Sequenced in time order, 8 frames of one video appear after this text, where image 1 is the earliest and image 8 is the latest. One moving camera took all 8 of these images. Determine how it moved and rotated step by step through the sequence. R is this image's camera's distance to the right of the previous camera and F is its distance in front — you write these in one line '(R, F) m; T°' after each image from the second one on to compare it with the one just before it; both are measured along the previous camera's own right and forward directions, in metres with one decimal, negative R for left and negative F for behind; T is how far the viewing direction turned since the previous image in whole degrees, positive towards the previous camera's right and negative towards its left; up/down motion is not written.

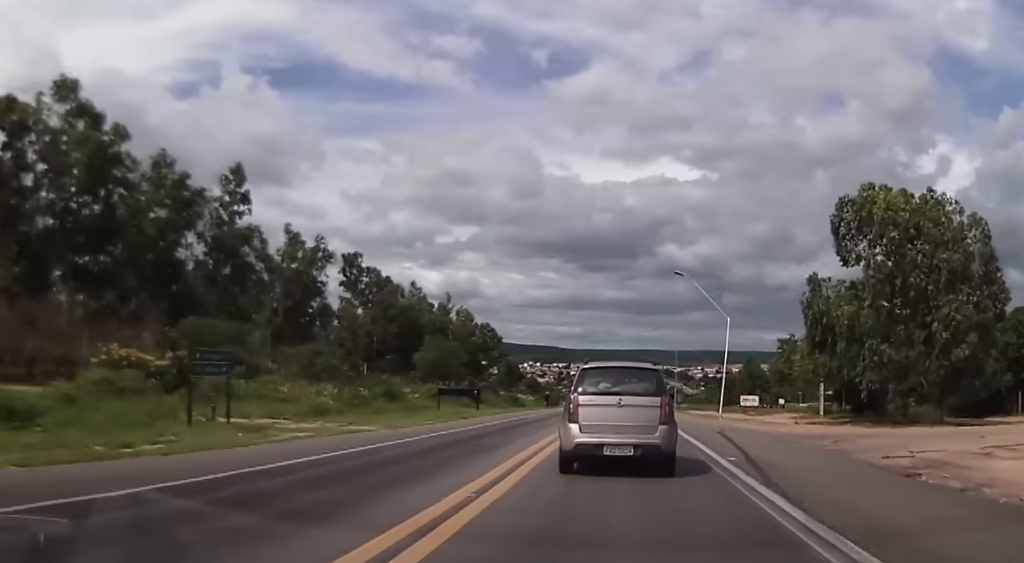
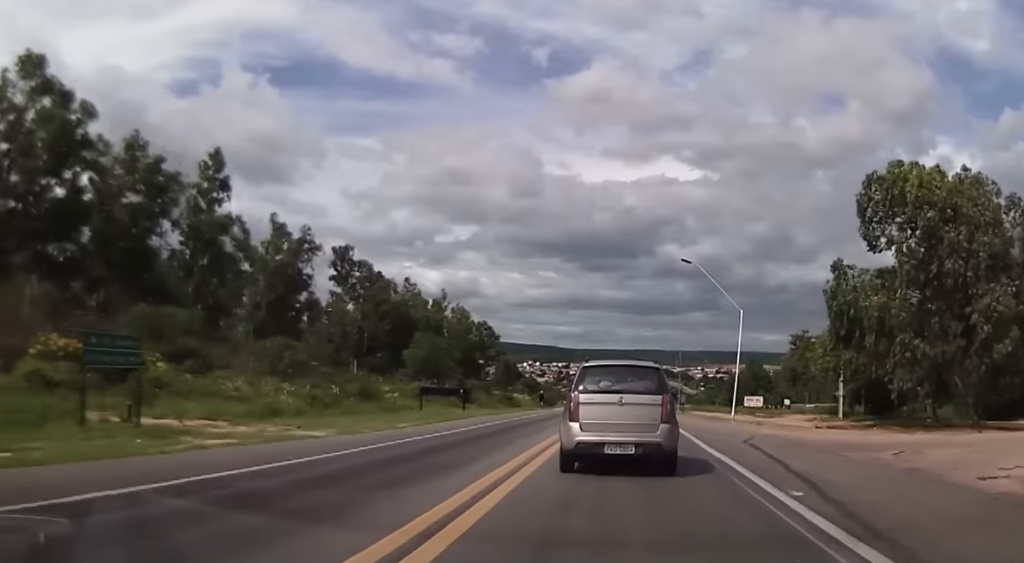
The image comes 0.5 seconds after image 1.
(-0.1, +4.9) m; 0°
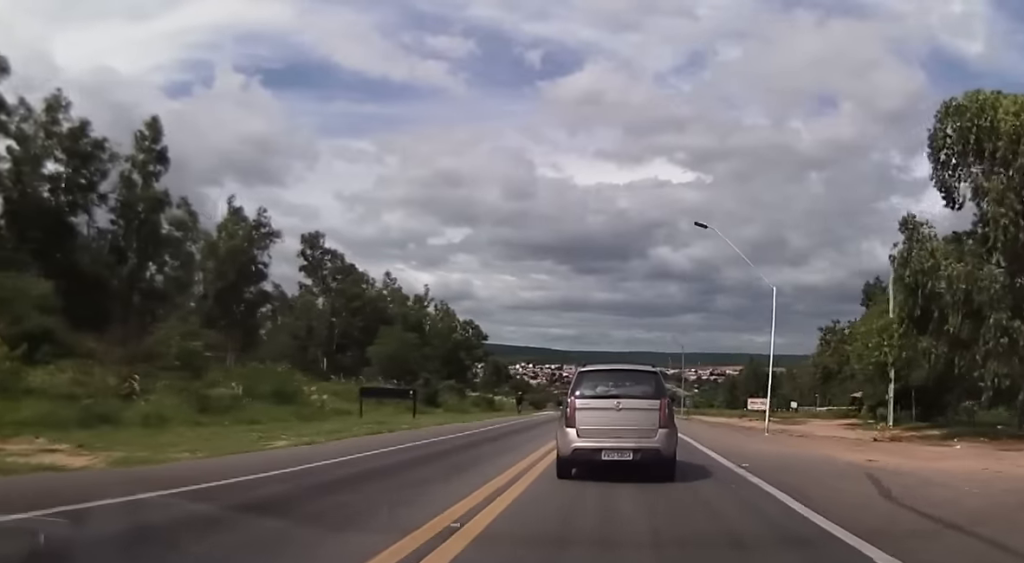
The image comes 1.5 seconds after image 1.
(+0.8, +10.8) m; -1°
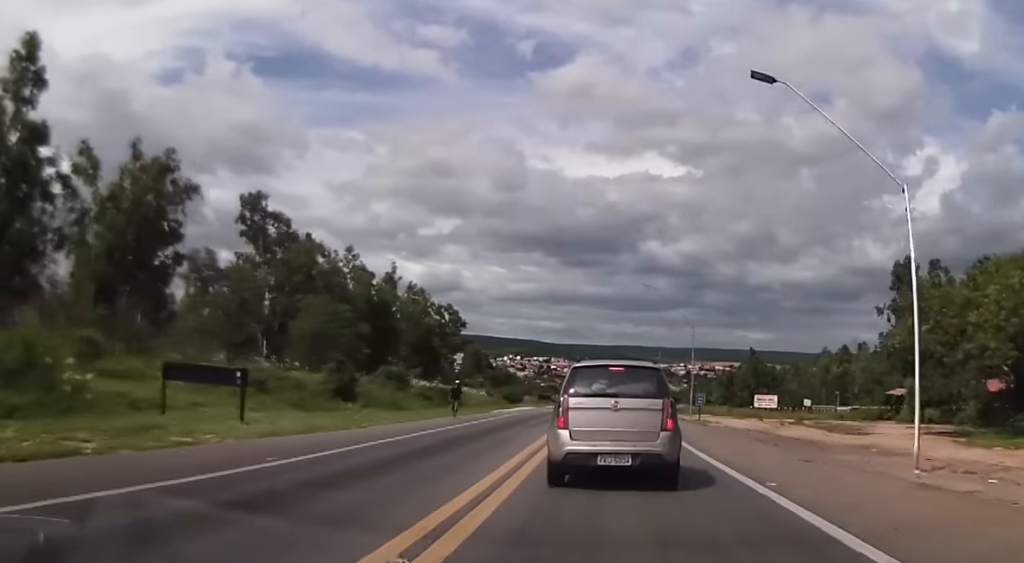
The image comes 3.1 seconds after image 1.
(-0.6, +16.6) m; 0°
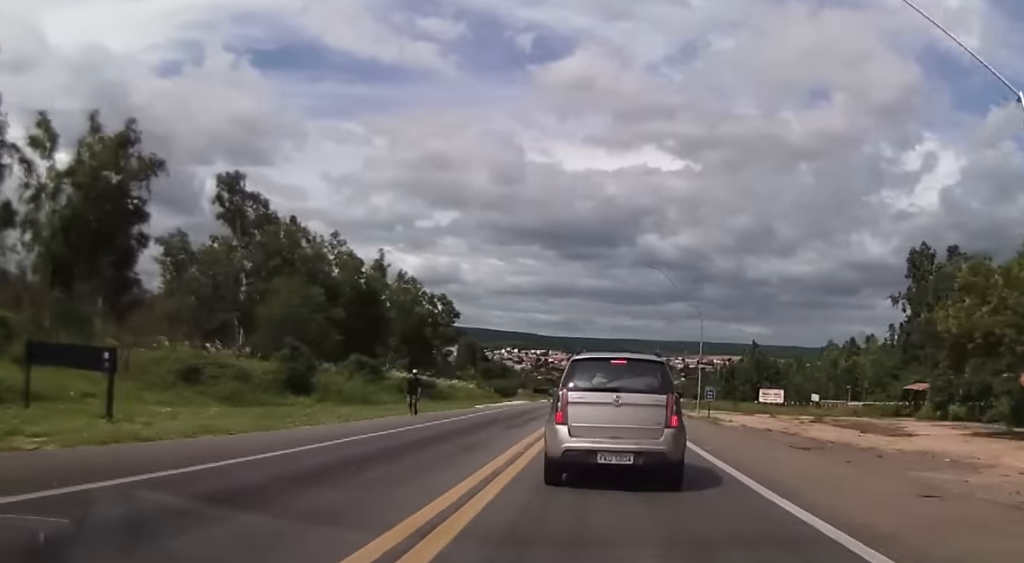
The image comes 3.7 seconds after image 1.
(0.0, +6.2) m; +2°
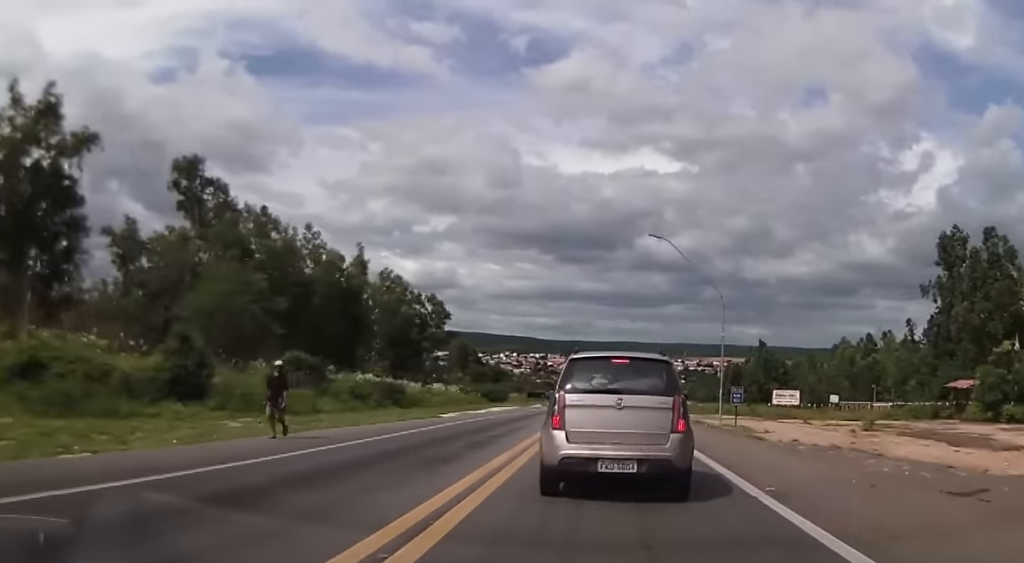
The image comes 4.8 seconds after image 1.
(+0.2, +11.2) m; +2°
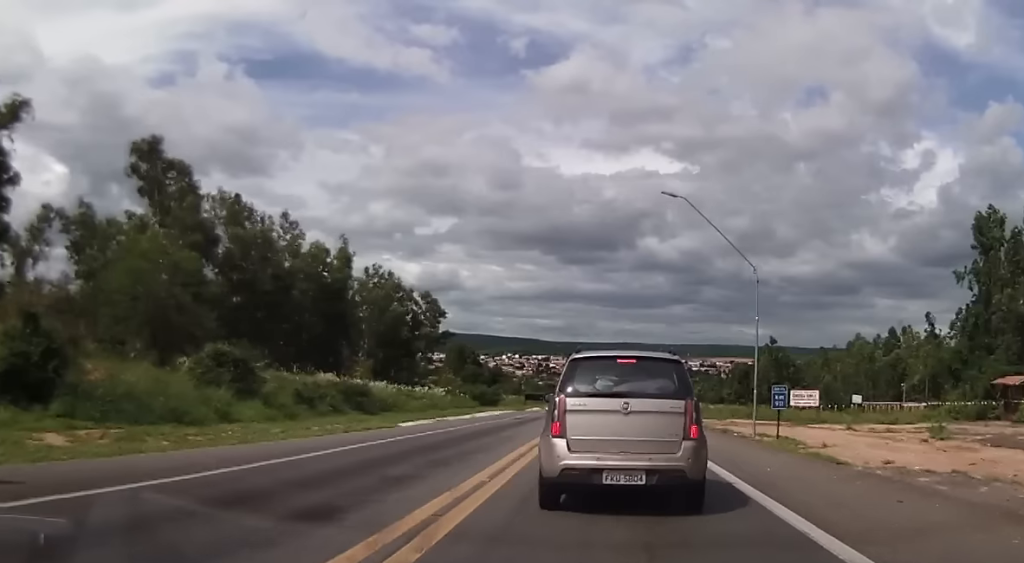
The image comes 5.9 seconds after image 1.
(0.0, +10.3) m; 0°
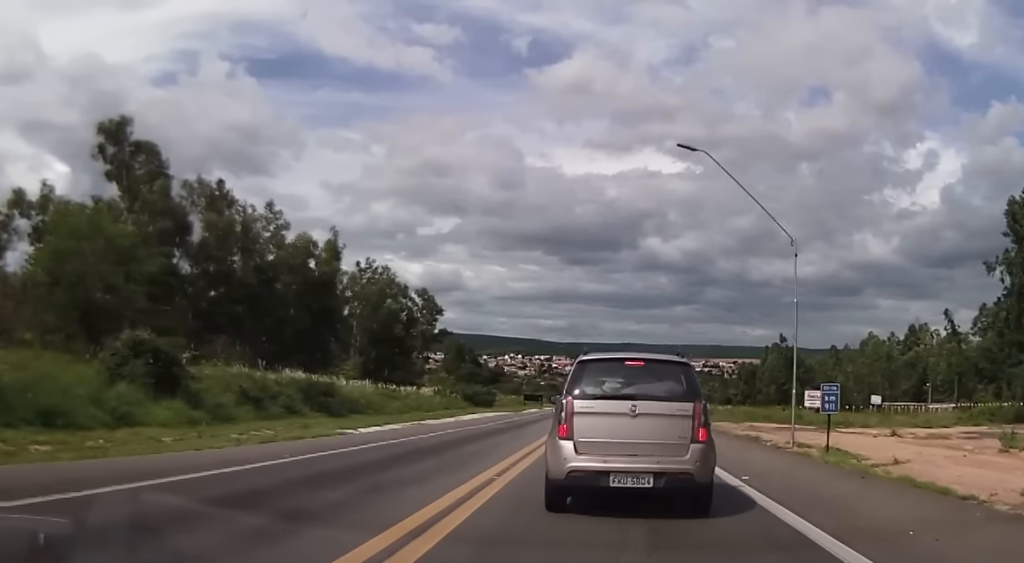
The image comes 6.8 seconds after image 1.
(+0.1, +7.5) m; +1°

**Task requirements:**
With the pictures set aside, repeat every entry above exactly.

**Answer box:**
Sequenced in time order, 8 frames of one video appear after this text, where image 1 is the earliest and image 8 is the latest. One moving camera took all 8 of these images. Determine how it moved and rotated step by step through the sequence. R is this image's camera's distance to the right of the previous camera and F is its distance in front — you write these in one line '(R, F) m; T°' after each image from the second one on to compare it with the one just before it; both are measured along the previous camera's own right and forward directions, in metres with one decimal, negative R for left and negative F for behind; T is how far the viewing direction turned since the previous image in whole degrees, positive towards the previous camera's right and negative towards its left; up/down motion is not written.

The image comes 0.5 seconds after image 1.
(-0.1, +4.9) m; 0°
The image comes 1.5 seconds after image 1.
(+0.8, +10.8) m; -1°
The image comes 3.1 seconds after image 1.
(-0.6, +16.6) m; 0°
The image comes 3.7 seconds after image 1.
(0.0, +6.2) m; +2°
The image comes 4.8 seconds after image 1.
(+0.2, +11.2) m; +2°
The image comes 5.9 seconds after image 1.
(0.0, +10.3) m; 0°
The image comes 6.8 seconds after image 1.
(+0.1, +7.5) m; +1°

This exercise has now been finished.